Kemenhub Luncurkan ETLE HUB untuk Dukung Target Zero ODOL 2027

Kementerian Perhubungan meluncurkan Electronic Traffic Law Enforcement (ETLE) HUB untuk memperkuat pengawasan kendaraan angkutan barang yang melanggar ketentuan dimensi dan muatan. Foto-Tempo

SUARAMILENIAL.ID, JAKARTA — Kementerian Perhubungan meluncurkan Electronic Traffic Law Enforcement (ETLE) HUB untuk memperkuat pengawasan kendaraan angkutan barang yang melanggar ketentuan dimensi dan muatan. 

Sistem digital terintegrasi tersebut disiapkan untuk mendukung target Zero Over Dimension Over Loading (ODOL) pada 2027.

Direktur Jenderal Perhubungan Darat Kementerian Perhubungan Aan Suhanan mengatakan ETLE HUB mengintegrasikan sejumlah sumber data kendaraan angkutan barang. 

Data tersebut antara lain identitas dan data teknis kendaraan, hasil penimbangan, hasil uji berkala, serta perizinan angkutan.

"ETLE HUB bukan sekadar penggunaan kamera untuk menangkap pelanggaran. Sistem ini kami bangun untuk mengintegrasikan pengawasan kendaraan angkutan barang berbasis data," ujar Aan dilansir Republika, Selasa (11/8/2026).

Menurut Aan, ETLE HUB merupakan bagian dari ekosistem penegakan hukum terintegrasi di sektor transportasi darat. Digitalisasi tersebut diharapkan mengubah pengawasan yang selama ini banyak bergantung pada pemeriksaan fisik dan keberadaan petugas di lapangan menjadi sistem yang lebih terukur dan berkelanjutan.

"Yang kita lakukan adalah mendigitalisasi proses yang selama ini telah berjalan secara manual. Bedanya, dengan ETLE HUB prosesnya menjadi lebih cepat, konsisten, transparan, dan dapat diintegrasikan dengan berbagai sistem lainnya," katanya.

Aan mengatakan digitalisasi diperlukan karena jumlah kendaraan angkutan barang yang beroperasi cukup besar, sedangkan jumlah petugas dan lokasi pemeriksaan terbatas. Dengan sistem digital, jangkauan pengawasan dapat diperluas tanpa sepenuhnya bergantung pada penambahan personel.

51 titik pantau

Saat ini ETLE HUB memiliki 51 titik pantau.

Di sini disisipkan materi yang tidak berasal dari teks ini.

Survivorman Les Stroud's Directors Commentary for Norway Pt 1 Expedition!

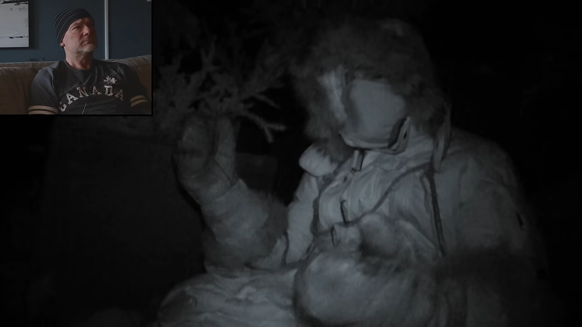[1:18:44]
I'm wearing pretty much everything that I have. Every scrap I could find, I'm wearing or wrapped around me. Got the sleeping bag wrapped up around me and underneath me. I'm on a solid wood platform between me and the snow, and it makes such a huge difference. I can't think anymore. I need some food. Being able to think clearly in any survival situation is vital, and the biggest challenge to that is lack of sleep.

Sebanyak 26 titik berada di Unit Pelaksana Penimbangan Kendaraan Bermotor (UPPKB), sedangkan 25 titik lainnya berada di sejumlah ruas jalan tol.

Kementerian Perhubungan berencana memperluas jaringan tersebut menjadi 63 titik pantau di UPPKB dan 15 titik pantau yang dilengkapi teknologi Weigh In Motion (WIM).

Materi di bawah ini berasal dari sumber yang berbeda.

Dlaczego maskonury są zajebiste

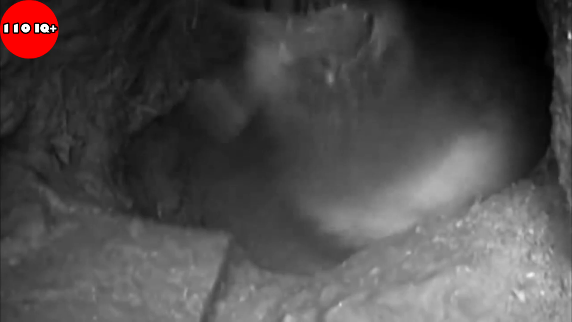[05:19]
Jak już sobie powiedzieliśmy wcześniej, piskle maskonura je stosunkowo często, więc musi mieć zapewnione odpowiednio duże źródło żarcia.
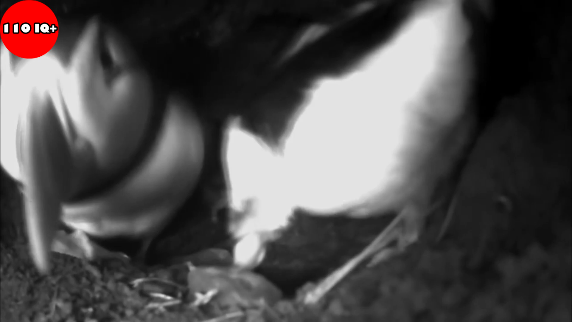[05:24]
W czym ponownie starym pomagają ząbki na podniebieniu, pozwalające na chwycenie większej ilości ryb za jednym razem.
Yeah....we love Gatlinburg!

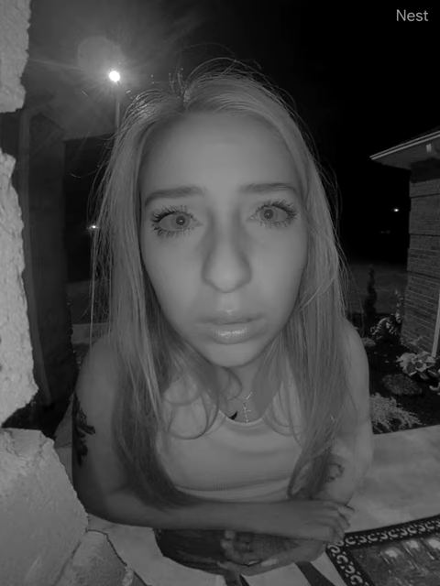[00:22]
to move my wrist but you know it's fun also there's a bat over there near the light flying around i can see it flying past the light like back and forth it's weird but i need to go and try and take uh go to bed because i have work in the morning

Untuk tahap awal, ETLE HUB difokuskan pada angkutan barang, baik angkutan barang umum maupun khusus. Pengawasan terutama diarahkan pada kendaraan yang masuk kategori ODOL karena pelanggaran tersebut berkaitan dengan keselamatan transportasi, kerusakan infrastruktur jalan, dan tata kelola logistik.

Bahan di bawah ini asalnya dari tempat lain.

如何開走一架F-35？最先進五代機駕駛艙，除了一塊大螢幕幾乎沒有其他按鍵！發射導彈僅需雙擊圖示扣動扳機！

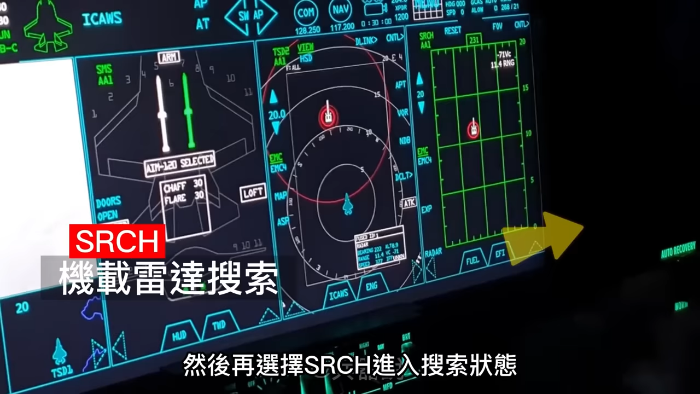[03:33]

Kendaraan yang terbukti melanggar ketentuan muatan untuk sementara diberikan peringatan sebagai bagian dari sosialisasi menuju penerapan Zero ODOL 2027. Adapun pelanggaran dokumen dan persyaratan laik jalan ditindak sesuai ketentuan yang berlaku.

Aan mengatakan cakupan ETLE HUB nantinya dapat diperluas ke angkutan orang, terutama bus. Sistem tersebut dapat digunakan untuk memantau persyaratan teknis dan laik jalan, uji berkala, perizinan, serta ketentuan operasional angkutan orang.

"Kendati demikian, kami akan terus melakukan pengembangan sistem sehingga ke depan cakupan pengawasan akan diperluas juga kepada angkutan orang, khususnya bus," ujar Aan.

Menurut Aan, tujuan utama penerapan ETLE HUB bukan meningkatkan jumlah penindakan, melainkan mendorong kepatuhan operator angkutan.

"ETLE HUB bukanlah sekadar aplikasi atau kamera baru, tetapi transformasi proses pengawasan yang selama ini sudah dilakukan Kemenhub. Tujuan akhirnya adalah untuk meningkatkan kepatuhan, bukan untuk memperbanyak penilangan," katanya.